** Work request **
Copy, with no pictures, the line that contains "Transcribe the Devanagari" and each line after it down to the end of the entries below, exactly.

** Data provided **
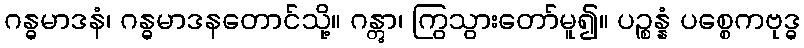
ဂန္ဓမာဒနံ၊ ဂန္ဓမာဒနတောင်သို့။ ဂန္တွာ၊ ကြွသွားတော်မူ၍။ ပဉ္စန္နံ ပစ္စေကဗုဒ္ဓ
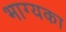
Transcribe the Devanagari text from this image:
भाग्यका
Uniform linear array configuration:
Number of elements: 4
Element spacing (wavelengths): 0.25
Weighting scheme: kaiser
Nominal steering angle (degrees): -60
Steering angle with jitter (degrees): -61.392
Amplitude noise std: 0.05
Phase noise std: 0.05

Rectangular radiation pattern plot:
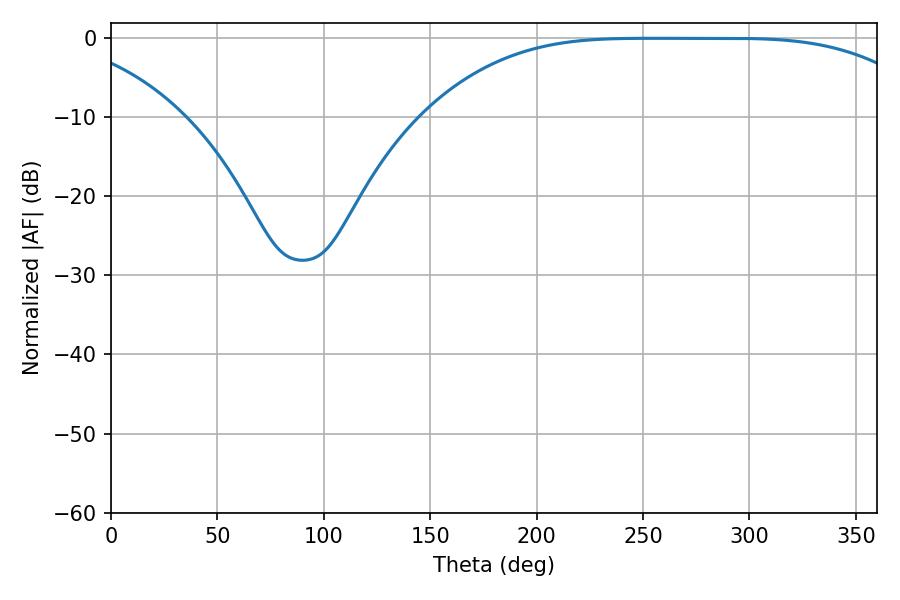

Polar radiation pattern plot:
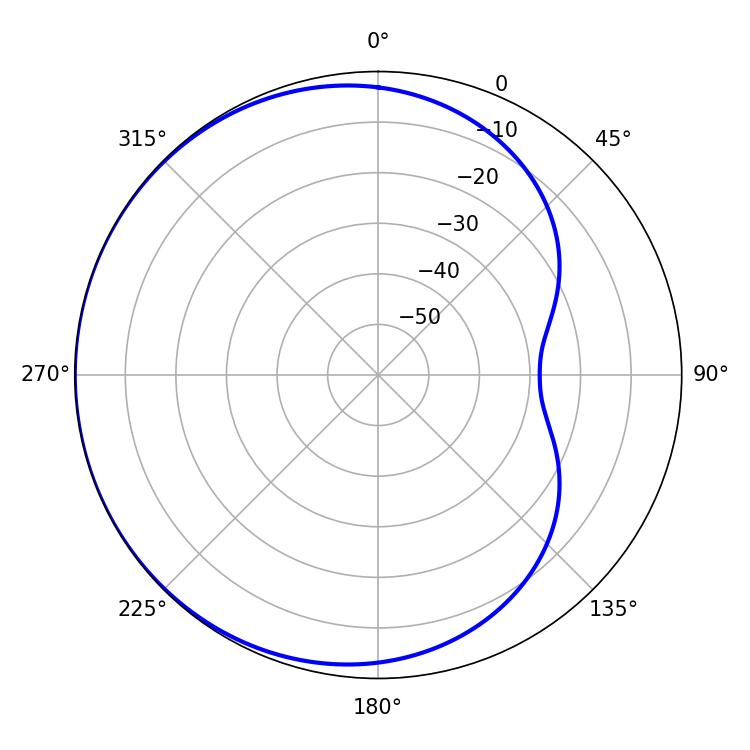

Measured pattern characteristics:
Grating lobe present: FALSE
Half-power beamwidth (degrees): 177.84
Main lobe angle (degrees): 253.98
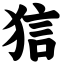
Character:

** Reply **
Transcribe the Devanagari text from this image:
भाग्यका
Uniform linear array configuration:
Number of elements: 4
Element spacing (wavelengths): 0.25
Weighting scheme: kaiser
Nominal steering angle (degrees): -60
Steering angle with jitter (degrees): -61.392
Amplitude noise std: 0.05
Phase noise std: 0.05

Rectangular radiation pattern plot:

Polar radiation pattern plot:

Measured pattern characteristics:
Grating lobe present: FALSE
Half-power beamwidth (degrees): 177.84
Main lobe angle (degrees): 253.98
Character:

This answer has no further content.